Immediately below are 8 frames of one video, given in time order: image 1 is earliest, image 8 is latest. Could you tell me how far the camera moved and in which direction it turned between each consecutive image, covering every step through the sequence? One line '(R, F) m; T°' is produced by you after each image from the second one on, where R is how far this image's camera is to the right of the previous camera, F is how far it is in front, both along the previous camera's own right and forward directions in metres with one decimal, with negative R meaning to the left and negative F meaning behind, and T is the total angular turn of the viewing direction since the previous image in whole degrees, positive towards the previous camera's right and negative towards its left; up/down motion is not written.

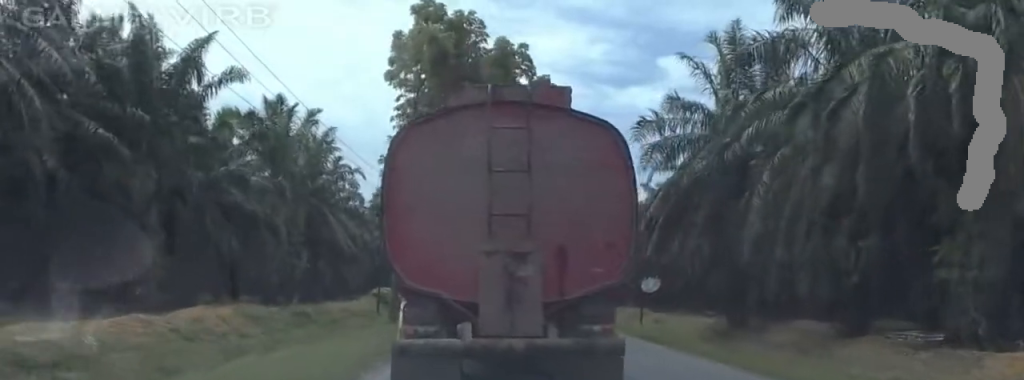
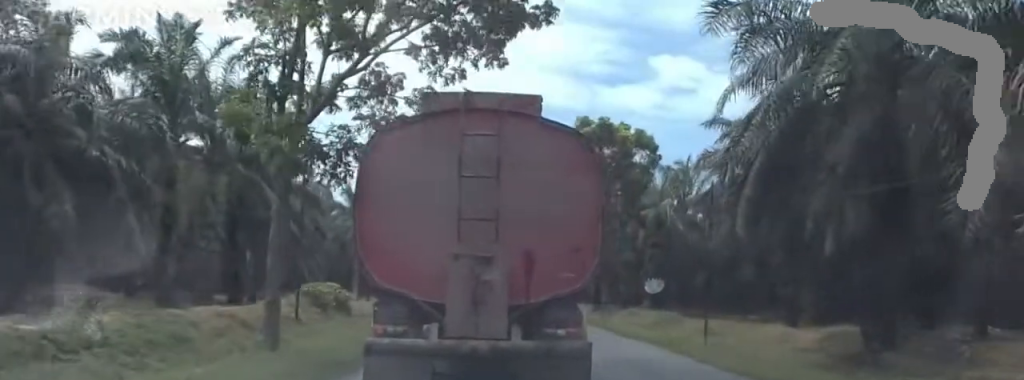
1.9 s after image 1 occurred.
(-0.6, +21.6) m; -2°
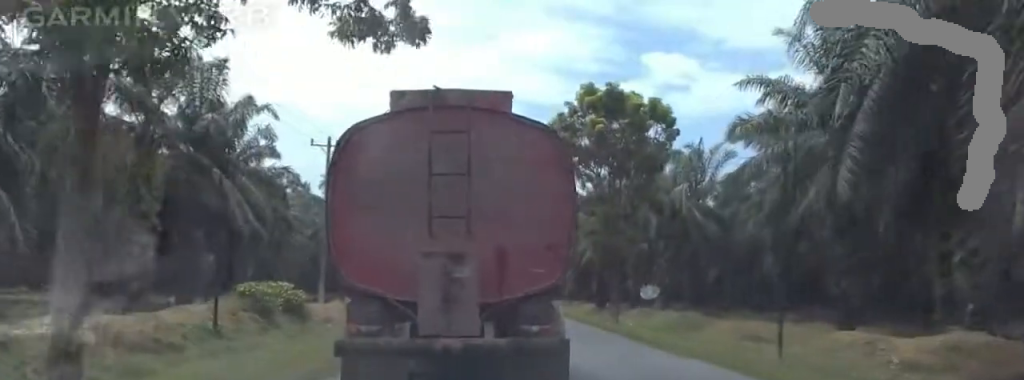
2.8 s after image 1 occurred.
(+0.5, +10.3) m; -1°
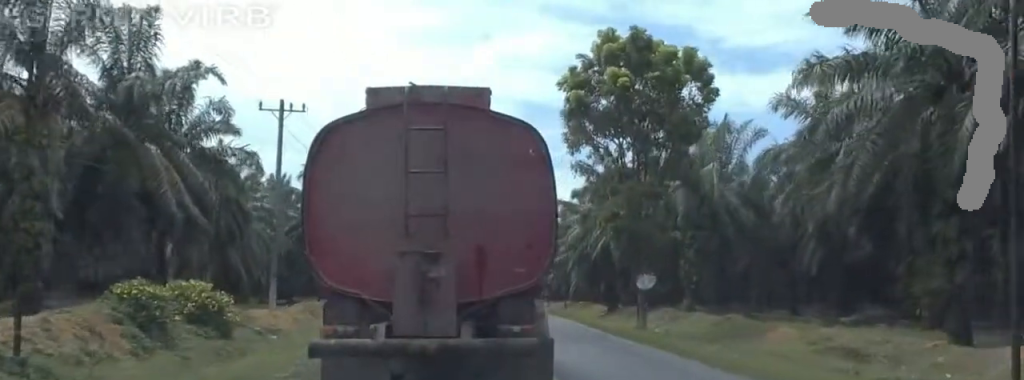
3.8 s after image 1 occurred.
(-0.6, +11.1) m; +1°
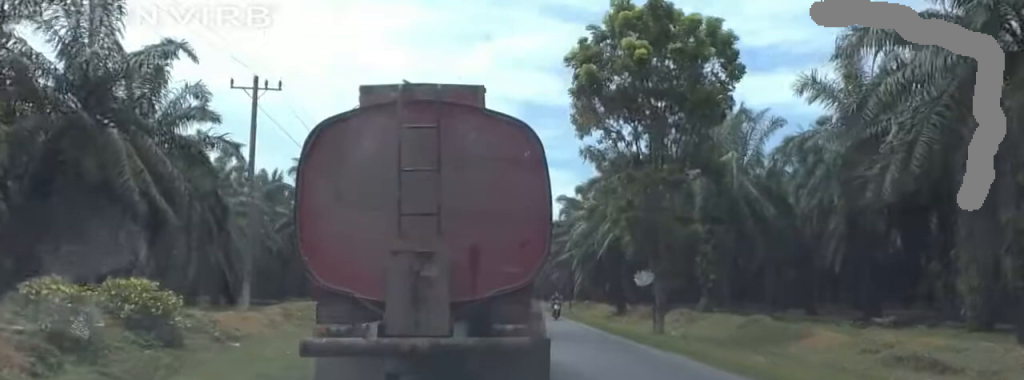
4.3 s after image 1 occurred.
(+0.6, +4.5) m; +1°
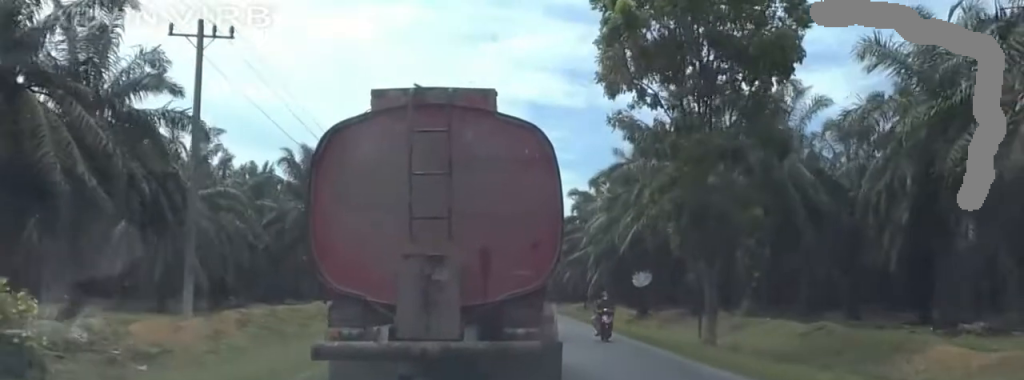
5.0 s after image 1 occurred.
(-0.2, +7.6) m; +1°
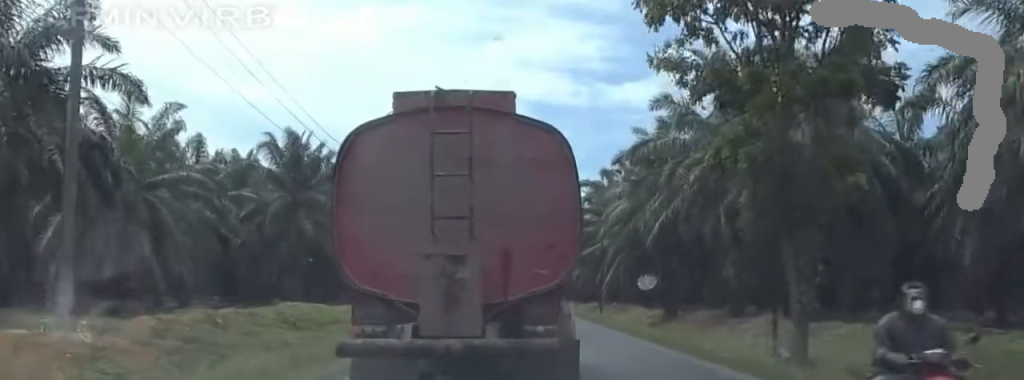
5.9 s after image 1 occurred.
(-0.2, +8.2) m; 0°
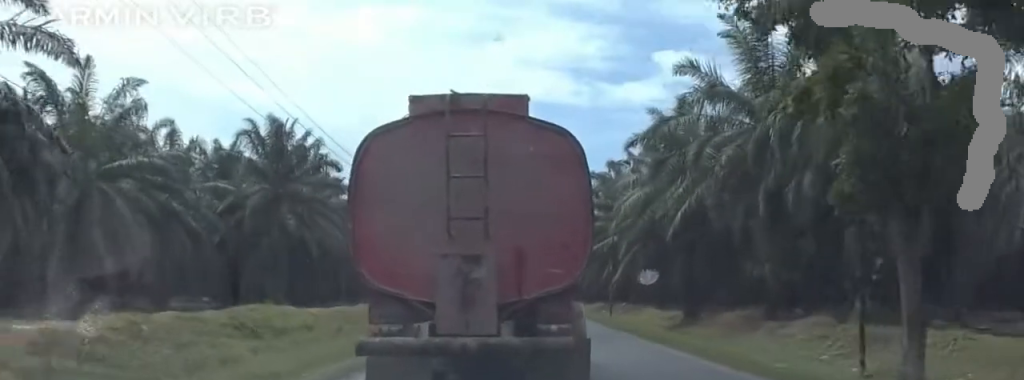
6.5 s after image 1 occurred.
☆ ☆ ☆ ☆
■ AIM OF THE TASK ■
Give the listing again exactly, excluding pictures.

■ COMPLETED TASK ■
Immediately below are 8 frames of one video, given in time order: image 1 is earliest, image 8 is latest. Could you tell me how far the camera moved and in which direction it turned between each consecutive image, covering every step through the sequence? One line '(R, F) m; T°' is produced by you after each image from the second one on, where R is how far this image's camera is to the right of the previous camera, F is how far it is in front, both along the previous camera's own right and forward directions in metres with one decimal, with negative R meaning to the left and negative F meaning behind, and T is the total angular turn of the viewing direction since the previous image in whole degrees, positive towards the previous camera's right and negative towards its left; up/down motion is not written.

1.9 s after image 1 occurred.
(-0.6, +21.6) m; -2°
2.8 s after image 1 occurred.
(+0.5, +10.3) m; -1°
3.8 s after image 1 occurred.
(-0.6, +11.1) m; +1°
4.3 s after image 1 occurred.
(+0.6, +4.5) m; +1°
5.0 s after image 1 occurred.
(-0.2, +7.6) m; +1°
5.9 s after image 1 occurred.
(-0.2, +8.2) m; 0°
6.5 s after image 1 occurred.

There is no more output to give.